[Opening ENTRIES SHOWN section]
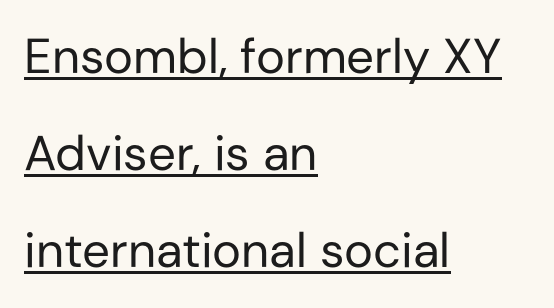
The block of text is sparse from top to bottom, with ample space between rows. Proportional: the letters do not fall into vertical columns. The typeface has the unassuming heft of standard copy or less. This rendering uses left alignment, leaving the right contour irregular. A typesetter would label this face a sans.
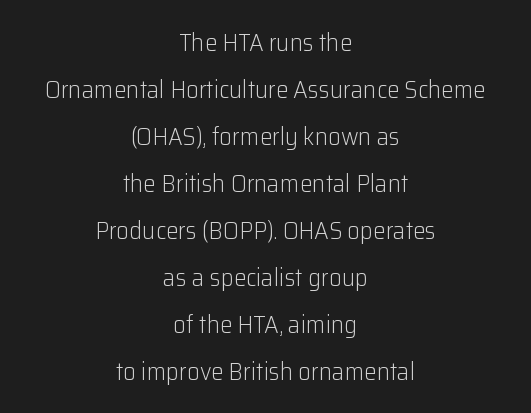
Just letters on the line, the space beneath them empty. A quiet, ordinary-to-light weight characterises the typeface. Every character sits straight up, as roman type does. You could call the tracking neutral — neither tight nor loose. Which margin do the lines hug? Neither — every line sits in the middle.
[Closing ENTRIES SHOWN section]
[Opening ENTRIES SHOWN section]
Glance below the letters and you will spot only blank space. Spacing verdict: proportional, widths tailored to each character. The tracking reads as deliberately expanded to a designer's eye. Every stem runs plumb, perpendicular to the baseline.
[Closing ENTRIES SHOWN section]
[Opening ENTRIES SHOWN section]
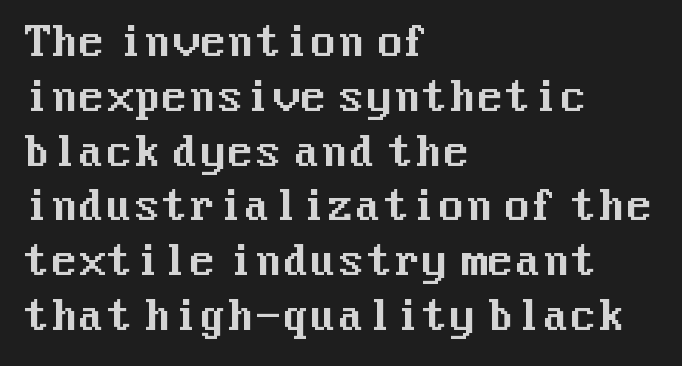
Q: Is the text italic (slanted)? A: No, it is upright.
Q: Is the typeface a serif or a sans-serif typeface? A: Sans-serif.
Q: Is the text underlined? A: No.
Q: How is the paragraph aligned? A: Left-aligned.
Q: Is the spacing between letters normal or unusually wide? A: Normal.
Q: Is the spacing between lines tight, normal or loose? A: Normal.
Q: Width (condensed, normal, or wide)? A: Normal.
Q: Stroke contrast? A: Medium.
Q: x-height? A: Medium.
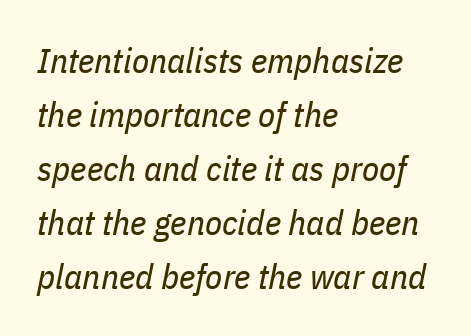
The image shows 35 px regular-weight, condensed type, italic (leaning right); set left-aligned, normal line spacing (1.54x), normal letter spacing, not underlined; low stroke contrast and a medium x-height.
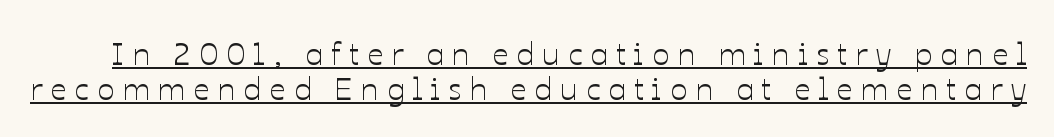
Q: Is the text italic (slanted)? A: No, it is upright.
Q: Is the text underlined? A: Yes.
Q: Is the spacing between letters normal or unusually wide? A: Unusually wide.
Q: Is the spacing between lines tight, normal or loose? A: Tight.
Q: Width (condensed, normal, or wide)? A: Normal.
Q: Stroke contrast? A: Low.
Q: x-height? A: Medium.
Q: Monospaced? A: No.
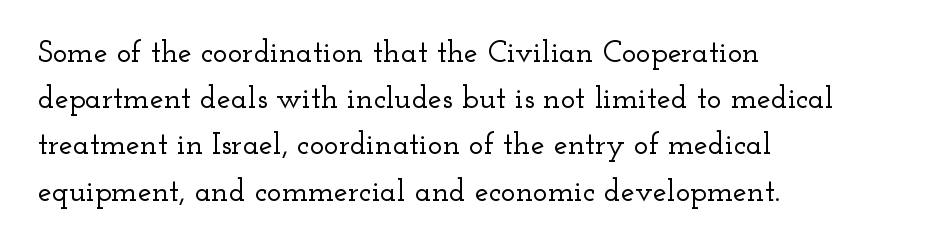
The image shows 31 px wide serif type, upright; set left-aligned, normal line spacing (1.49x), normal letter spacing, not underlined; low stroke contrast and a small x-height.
[Closing ENTRIES SHOWN section]
* **TASK OBJECTIVE**
Look above for the line containing "Q: Monospaced? A: No.", then copy exactly from it through the line containing "The image shows 31", keeping both and leaving out pictures. Add nothing else.

* **SOLUTION TO THE EXERCISE**
Q: Monospaced? A: No.
The image shows 31 px wide serif type, upright; set left-aligned, normal line spacing (1.49x), normal letter spacing, not underlined; low stroke contrast and a small x-height.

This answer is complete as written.